Murthy S N, Cooper H S, Shim H, Shah R S, Ibrahim S A, Sedergran D J
Krancer Center for Inflammatory Bowel Disease Research, Department of Medicine, Hahnemann University, Philadelphia, Pennsylvania.
Dig Dis Sci. 1993 Sep;38(9):1722-34. doi: 10.1007/BF01303184.
The use of oral and intravenous cyclosporin represents a significant advance in the therapy of refractory inflammatory bowel diseases (IBD). However, oral administration of cyclosporin is fraught with improper delivery of cyclosporin to the colon for its topical action. Because of unpredictable metabolism by cytochrome P-450 IIIA, the targeted blood level for systemic effect is not reached at low doses. Furthermore, the doses that have been used for therapy of IBD have been shown to induce several adverse side effects. Thus, an alternate method of delivering cyclosporin to the colon is desirable. In this study, the effect of intracolonically administered cyclosporin was tested for its efficacy to heal mucosal erosions in dextran sulfate sodium (DSS)-induced colitis in mice. Both acute and chronic colitis was induced by feeding female Swiss-Webster mice with 5% DSS (30,000-40,000 mol wt) for five or seven days, respectively. Therapy was advocated prophylactically, prophylaxis plus therapy and therapeutically during the acute and chronic phase of the disease and therapeutically during the chronic phase of the disease. Intracolonic cyclosporin given prophylactically showed adverse effects by increasing the damage to the colonic mucosa. However, intracolonic cyclosporin given therapeutically in 2.5, 5, and 10 mg/kg after the induction of colitis resulted in dramatic responses in terms of reducing the disease activity and histologic scores, corroborated by complete histological resolution compared to oral cyclosporin given at identical doses. Intracolonic cyclosporin (5 mg/kg) was also very effective in reducing the chronic inflammation. The results of this study highlight the application of this animal model for therapeutic research. Furthermore, cyclosporin administered as an enema provides a new stratagem for the therapy of IBD because of its rapid onset of action at very low doses without the risk inherent in oral or systemic administration.
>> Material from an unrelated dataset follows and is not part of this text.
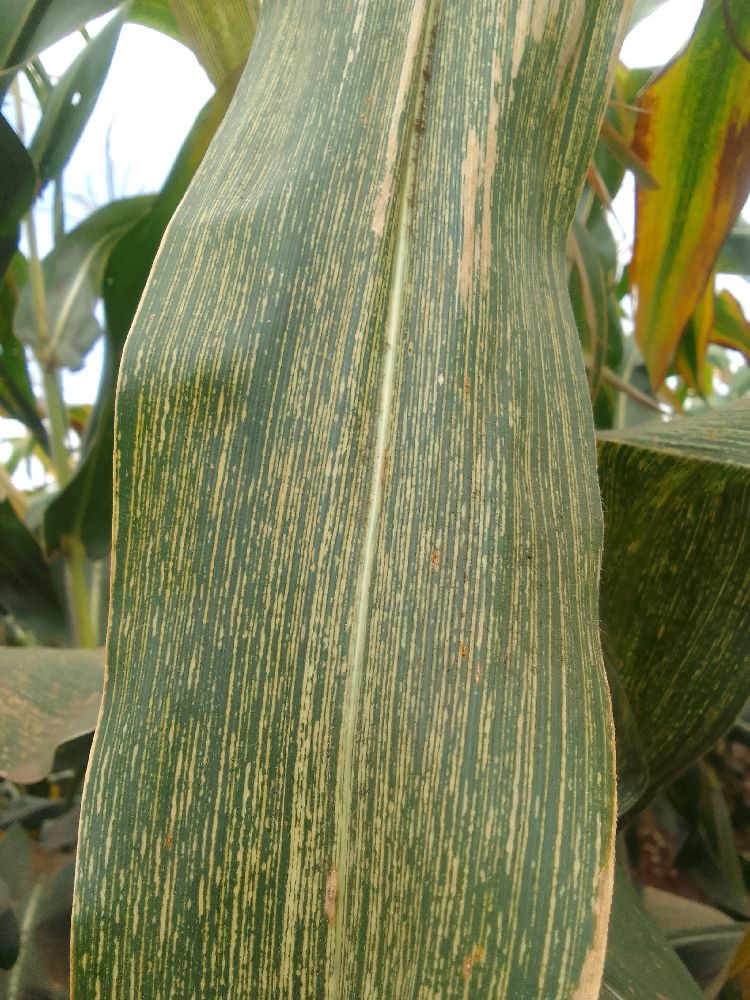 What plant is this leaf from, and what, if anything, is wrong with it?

maize, maize streak virus

口服和静脉注射环孢素在难治性炎症性肠病(IBD)治疗中代表了一项重大进展。然而,口服环孢素存在环孢素难以有效送达结肠发挥局部作用的问题。由于细胞色素P - 450 IIIA的代谢不可预测,低剂量时无法达到产生全身效应的目标血药浓度。此外,已用于IBD治疗的剂量已显示会引发多种不良副作用。因此,需要一种将环孢素送达结肠的替代方法。在本研究中,测试了结肠内给予环孢素对治愈葡聚糖硫酸钠(DSS)诱导的小鼠结肠炎黏膜糜烂的疗效。分别通过给雌性瑞士韦伯斯特小鼠喂食5% DSS(分子量30,000 - 40,000)5天或7天来诱导急性和慢性结肠炎。在疾病的急性和慢性阶段分别提倡预防性、预防加治疗性以及治疗性给药。预防性给予结肠内环孢素会增加结肠黏膜损伤,显示出不良影响。然而,在结肠炎诱导后以2.5、5和10 mg/kg治疗性给予结肠内环孢素,在降低疾病活动度和组织学评分方面产生了显著反应,与相同剂量口服环孢素相比,组织学完全恢复证实了这一点。结肠内环孢素(5 mg/kg)在减轻慢性炎症方面也非常有效。本研究结果突出了该动物模型在治疗研究中的应用。此外,环孢素灌肠给药为IBD治疗提供了一种新策略,因为其在极低剂量下起效迅速,且无口服或全身给药固有的风险。